Task to complete | Without the pictures, print the lines running from the beginning of the material to the line containing "118.8C72.2 121.3 70.2", both ends included.

^^^^

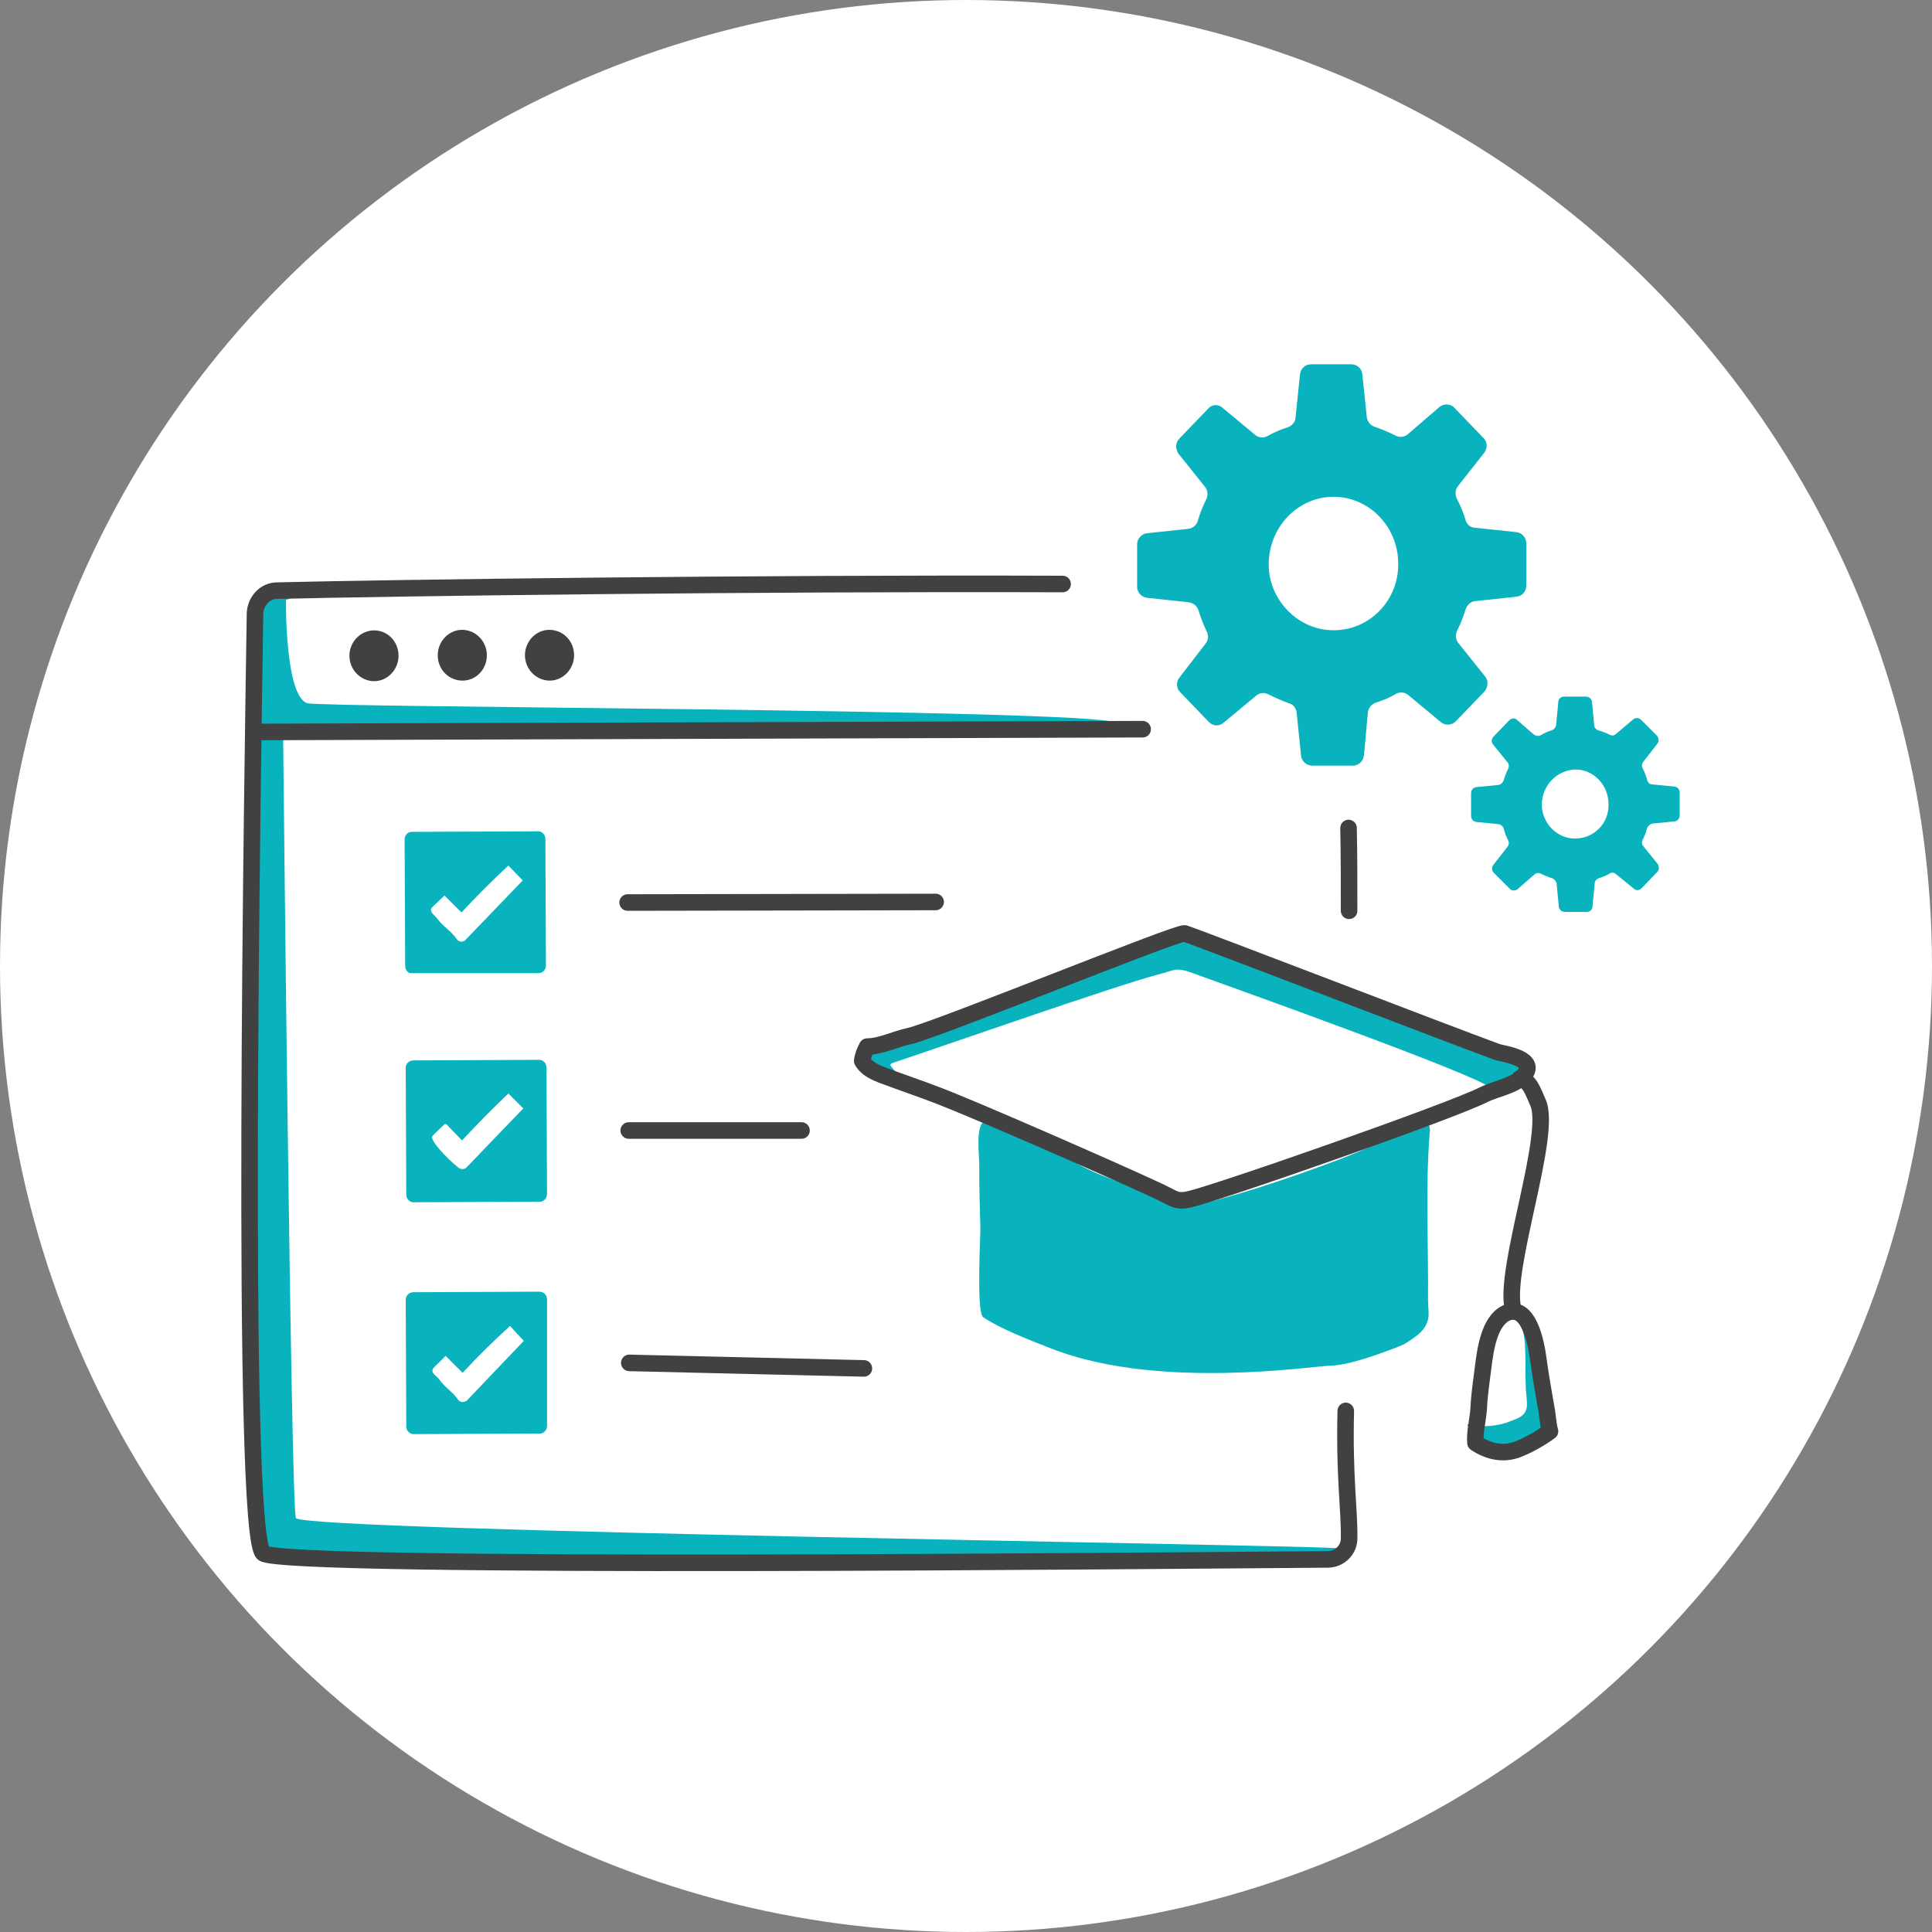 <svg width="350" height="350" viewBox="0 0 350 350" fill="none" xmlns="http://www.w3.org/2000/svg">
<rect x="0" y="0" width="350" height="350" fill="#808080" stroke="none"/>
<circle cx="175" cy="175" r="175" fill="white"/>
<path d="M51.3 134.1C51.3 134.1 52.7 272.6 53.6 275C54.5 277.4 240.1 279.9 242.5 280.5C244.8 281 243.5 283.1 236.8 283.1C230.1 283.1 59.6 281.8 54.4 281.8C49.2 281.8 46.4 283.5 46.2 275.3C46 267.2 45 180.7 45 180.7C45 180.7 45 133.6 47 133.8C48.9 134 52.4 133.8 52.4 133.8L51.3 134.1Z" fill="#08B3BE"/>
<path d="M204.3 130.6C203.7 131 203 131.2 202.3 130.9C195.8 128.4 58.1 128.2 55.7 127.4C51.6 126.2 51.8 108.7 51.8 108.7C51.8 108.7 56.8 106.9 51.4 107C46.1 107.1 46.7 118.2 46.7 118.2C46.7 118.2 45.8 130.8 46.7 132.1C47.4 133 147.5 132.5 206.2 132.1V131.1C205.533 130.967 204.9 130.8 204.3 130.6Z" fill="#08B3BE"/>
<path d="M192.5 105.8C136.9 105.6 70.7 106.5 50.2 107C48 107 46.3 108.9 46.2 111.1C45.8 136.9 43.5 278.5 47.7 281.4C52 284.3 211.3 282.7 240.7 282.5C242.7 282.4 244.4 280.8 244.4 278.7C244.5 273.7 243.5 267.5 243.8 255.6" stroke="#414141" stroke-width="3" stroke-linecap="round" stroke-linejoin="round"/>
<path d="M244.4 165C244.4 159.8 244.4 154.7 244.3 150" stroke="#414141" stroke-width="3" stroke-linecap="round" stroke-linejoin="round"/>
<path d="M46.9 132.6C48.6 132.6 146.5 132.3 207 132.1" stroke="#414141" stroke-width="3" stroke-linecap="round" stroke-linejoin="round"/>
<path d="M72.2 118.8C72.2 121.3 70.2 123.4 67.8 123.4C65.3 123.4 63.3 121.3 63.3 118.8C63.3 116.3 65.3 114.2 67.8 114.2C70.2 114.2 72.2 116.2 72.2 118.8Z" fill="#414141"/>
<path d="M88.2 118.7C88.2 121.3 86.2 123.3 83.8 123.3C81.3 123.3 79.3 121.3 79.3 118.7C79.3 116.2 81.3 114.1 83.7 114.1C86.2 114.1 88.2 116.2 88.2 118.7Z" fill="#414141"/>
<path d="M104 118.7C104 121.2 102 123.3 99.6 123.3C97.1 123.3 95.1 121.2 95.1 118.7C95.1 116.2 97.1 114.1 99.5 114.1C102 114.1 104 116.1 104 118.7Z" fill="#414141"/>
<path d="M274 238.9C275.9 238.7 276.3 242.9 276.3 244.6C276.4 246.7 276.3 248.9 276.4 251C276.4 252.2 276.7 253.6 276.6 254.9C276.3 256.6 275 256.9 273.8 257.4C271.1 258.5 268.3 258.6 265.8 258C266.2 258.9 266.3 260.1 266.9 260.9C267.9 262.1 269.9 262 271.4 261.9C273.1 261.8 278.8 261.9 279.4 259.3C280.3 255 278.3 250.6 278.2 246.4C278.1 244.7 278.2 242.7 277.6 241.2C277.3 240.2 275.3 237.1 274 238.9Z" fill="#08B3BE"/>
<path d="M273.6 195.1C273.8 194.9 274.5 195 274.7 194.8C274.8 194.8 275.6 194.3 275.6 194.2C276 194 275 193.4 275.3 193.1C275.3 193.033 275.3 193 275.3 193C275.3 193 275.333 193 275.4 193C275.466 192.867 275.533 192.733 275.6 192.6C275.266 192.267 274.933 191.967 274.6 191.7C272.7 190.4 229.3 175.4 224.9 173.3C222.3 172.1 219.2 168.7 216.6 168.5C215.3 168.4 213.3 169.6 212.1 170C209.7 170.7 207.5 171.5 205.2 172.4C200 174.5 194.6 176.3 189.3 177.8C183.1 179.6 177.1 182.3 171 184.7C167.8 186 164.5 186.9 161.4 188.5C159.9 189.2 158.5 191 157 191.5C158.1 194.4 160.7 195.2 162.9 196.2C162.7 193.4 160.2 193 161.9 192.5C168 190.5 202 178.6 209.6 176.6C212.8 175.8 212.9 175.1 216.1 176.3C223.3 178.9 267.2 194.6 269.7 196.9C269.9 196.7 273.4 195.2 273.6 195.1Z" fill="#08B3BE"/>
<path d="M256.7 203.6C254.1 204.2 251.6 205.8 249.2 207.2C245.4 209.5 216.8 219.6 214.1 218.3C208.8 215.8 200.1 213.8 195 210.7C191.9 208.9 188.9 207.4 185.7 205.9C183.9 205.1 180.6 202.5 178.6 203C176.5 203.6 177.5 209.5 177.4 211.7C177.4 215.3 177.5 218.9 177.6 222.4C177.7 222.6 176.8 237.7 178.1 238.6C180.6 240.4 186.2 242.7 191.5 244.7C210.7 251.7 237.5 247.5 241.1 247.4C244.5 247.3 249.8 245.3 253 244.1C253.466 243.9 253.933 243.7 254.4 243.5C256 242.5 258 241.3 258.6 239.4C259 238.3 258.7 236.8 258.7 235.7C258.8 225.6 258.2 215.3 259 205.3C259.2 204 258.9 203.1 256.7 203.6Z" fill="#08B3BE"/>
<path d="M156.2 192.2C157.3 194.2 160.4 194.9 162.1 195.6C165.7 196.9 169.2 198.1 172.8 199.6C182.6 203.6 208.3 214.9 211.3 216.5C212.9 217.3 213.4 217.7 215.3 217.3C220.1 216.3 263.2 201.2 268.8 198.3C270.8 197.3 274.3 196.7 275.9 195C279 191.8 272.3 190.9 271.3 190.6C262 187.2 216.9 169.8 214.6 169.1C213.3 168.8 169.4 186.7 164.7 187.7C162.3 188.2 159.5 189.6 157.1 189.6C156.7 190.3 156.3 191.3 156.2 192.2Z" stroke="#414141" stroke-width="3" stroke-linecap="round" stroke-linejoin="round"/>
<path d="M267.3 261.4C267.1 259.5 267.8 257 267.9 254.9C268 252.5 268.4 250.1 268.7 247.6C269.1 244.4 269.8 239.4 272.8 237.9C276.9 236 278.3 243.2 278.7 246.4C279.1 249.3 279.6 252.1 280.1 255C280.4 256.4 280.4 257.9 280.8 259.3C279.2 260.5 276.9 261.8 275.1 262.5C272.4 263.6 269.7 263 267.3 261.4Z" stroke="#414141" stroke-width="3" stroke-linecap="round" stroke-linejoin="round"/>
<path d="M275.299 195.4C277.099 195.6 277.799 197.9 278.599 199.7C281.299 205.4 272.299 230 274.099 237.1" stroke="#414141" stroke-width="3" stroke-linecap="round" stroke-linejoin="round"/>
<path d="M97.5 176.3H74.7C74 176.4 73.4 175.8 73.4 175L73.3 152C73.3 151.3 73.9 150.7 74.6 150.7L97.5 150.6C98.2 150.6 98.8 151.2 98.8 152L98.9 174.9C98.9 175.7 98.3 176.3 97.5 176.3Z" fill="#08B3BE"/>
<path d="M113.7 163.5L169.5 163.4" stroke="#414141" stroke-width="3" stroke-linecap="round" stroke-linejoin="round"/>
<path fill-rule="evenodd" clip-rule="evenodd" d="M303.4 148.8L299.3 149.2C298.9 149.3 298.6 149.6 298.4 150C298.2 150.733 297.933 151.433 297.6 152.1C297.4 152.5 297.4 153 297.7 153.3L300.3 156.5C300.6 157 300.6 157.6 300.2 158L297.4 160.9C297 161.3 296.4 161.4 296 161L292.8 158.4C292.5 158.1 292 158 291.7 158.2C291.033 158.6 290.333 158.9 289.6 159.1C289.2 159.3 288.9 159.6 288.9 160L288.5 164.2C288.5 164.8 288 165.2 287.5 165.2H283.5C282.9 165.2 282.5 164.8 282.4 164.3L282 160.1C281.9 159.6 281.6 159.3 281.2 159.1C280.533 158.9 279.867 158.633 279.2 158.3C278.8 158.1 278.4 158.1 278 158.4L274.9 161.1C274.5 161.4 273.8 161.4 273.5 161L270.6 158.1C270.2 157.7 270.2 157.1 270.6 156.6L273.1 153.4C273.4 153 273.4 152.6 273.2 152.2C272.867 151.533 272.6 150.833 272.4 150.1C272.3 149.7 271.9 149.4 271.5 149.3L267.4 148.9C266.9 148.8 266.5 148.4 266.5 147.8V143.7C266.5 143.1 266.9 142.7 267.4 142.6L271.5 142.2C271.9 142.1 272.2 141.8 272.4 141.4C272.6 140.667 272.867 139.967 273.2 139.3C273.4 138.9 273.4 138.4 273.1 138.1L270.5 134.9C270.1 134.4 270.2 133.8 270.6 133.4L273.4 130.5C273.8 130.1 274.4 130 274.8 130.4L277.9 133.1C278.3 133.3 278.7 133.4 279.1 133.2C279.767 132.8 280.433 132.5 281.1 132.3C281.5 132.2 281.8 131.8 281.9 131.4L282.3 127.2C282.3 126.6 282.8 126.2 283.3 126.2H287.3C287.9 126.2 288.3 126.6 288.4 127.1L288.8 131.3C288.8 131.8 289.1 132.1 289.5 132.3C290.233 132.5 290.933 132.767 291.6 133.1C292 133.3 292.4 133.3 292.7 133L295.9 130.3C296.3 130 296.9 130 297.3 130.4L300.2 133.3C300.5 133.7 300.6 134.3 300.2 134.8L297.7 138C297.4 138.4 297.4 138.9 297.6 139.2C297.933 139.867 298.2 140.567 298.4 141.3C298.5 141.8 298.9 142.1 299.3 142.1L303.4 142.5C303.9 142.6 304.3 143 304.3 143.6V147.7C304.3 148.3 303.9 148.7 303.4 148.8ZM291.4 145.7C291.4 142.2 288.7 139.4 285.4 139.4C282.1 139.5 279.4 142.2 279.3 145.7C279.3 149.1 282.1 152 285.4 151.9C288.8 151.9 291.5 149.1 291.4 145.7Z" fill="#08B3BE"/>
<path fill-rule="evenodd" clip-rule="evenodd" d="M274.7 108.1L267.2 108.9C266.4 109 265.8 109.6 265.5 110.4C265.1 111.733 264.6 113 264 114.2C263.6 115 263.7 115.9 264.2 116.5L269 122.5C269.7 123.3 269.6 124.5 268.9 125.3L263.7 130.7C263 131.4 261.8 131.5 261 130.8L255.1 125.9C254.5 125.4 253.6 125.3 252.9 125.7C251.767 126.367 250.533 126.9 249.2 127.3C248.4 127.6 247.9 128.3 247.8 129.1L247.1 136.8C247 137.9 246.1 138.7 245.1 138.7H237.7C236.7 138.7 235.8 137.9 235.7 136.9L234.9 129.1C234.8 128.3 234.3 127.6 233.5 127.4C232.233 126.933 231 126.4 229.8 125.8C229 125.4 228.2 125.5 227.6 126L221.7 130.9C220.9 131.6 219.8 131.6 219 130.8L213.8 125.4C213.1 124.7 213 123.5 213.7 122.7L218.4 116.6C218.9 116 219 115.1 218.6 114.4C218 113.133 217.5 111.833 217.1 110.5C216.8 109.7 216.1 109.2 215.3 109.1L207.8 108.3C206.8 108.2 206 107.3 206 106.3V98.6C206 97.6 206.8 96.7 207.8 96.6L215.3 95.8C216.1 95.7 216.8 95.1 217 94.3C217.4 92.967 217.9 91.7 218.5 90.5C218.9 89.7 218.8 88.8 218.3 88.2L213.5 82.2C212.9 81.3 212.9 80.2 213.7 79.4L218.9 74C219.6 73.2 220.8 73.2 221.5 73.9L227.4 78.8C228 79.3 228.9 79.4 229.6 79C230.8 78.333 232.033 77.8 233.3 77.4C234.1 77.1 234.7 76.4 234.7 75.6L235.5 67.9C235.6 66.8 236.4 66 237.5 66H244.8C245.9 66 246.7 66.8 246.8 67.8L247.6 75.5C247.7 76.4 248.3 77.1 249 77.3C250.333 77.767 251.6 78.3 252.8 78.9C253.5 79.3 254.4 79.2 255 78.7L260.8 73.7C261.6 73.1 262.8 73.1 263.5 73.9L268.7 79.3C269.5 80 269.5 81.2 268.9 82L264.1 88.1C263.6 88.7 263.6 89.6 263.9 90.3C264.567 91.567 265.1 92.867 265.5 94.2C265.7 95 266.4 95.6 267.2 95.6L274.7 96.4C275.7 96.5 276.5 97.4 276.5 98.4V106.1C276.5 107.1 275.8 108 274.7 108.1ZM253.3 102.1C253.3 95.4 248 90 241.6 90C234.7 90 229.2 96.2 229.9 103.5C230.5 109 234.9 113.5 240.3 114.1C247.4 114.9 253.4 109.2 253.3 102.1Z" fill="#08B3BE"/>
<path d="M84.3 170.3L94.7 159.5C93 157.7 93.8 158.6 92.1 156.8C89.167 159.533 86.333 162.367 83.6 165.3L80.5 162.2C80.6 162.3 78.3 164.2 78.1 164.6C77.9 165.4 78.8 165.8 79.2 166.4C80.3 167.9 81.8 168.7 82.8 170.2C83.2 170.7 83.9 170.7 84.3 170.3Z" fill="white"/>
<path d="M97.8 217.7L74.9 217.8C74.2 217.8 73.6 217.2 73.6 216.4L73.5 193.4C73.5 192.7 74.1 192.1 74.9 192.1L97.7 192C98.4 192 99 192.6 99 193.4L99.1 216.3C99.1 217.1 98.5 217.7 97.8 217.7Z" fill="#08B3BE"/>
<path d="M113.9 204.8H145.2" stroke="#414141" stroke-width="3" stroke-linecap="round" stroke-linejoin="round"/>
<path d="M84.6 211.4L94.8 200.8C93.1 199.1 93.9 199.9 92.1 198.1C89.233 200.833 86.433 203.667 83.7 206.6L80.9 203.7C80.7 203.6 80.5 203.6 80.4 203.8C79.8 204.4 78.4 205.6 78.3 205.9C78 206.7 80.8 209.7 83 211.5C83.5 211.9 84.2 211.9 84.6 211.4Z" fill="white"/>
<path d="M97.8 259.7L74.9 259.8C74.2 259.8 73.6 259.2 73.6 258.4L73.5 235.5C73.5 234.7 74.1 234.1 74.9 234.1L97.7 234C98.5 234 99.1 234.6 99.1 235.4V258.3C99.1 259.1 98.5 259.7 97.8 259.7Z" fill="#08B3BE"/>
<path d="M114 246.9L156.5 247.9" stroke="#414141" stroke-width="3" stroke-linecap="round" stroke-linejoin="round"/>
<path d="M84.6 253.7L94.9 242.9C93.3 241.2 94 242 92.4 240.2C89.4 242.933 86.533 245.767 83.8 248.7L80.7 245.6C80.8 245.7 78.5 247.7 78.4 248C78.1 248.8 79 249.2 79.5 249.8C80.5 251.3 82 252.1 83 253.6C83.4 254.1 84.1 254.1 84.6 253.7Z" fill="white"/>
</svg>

^^^^

Worked solution |
 <svg width="350" height="350" viewBox="0 0 350 350" fill="none" xmlns="http://www.w3.org/2000/svg">
<rect x="0" y="0" width="350" height="350" fill="#808080" stroke="none"/>
<circle cx="175" cy="175" r="175" fill="white"/>
<path d="M51.3 134.1C51.3 134.1 52.7 272.6 53.6 275C54.5 277.4 240.1 279.9 242.5 280.5C244.8 281 243.5 283.1 236.8 283.1C230.1 283.1 59.6 281.8 54.4 281.8C49.2 281.8 46.4 283.5 46.2 275.3C46 267.2 45 180.7 45 180.7C45 180.7 45 133.6 47 133.8C48.9 134 52.4 133.8 52.4 133.8L51.3 134.1Z" fill="#08B3BE"/>
<path d="M204.3 130.6C203.7 131 203 131.2 202.3 130.9C195.8 128.4 58.1 128.2 55.7 127.4C51.6 126.2 51.8 108.7 51.8 108.7C51.8 108.7 56.8 106.9 51.4 107C46.1 107.1 46.7 118.2 46.7 118.2C46.7 118.2 45.8 130.8 46.7 132.1C47.4 133 147.5 132.5 206.2 132.1V131.1C205.533 130.967 204.9 130.8 204.3 130.6Z" fill="#08B3BE"/>
<path d="M192.5 105.8C136.9 105.6 70.7 106.5 50.2 107C48 107 46.3 108.9 46.2 111.1C45.8 136.9 43.5 278.5 47.7 281.4C52 284.3 211.3 282.7 240.7 282.5C242.7 282.4 244.4 280.8 244.4 278.7C244.5 273.7 243.5 267.5 243.8 255.6" stroke="#414141" stroke-width="3" stroke-linecap="round" stroke-linejoin="round"/>
<path d="M244.4 165C244.4 159.8 244.4 154.7 244.3 150" stroke="#414141" stroke-width="3" stroke-linecap="round" stroke-linejoin="round"/>
<path d="M46.9 132.6C48.6 132.6 146.5 132.3 207 132.1" stroke="#414141" stroke-width="3" stroke-linecap="round" stroke-linejoin="round"/>
<path d="M72.2 118.8C72.2 121.3 70.2 123.4 67.8 123.4C65.3 123.4 63.3 121.3 63.3 118.8C63.3 116.3 65.3 114.2 67.8 114.2C70.2 114.2 72.2 116.2 72.2 118.8Z" fill="#414141"/>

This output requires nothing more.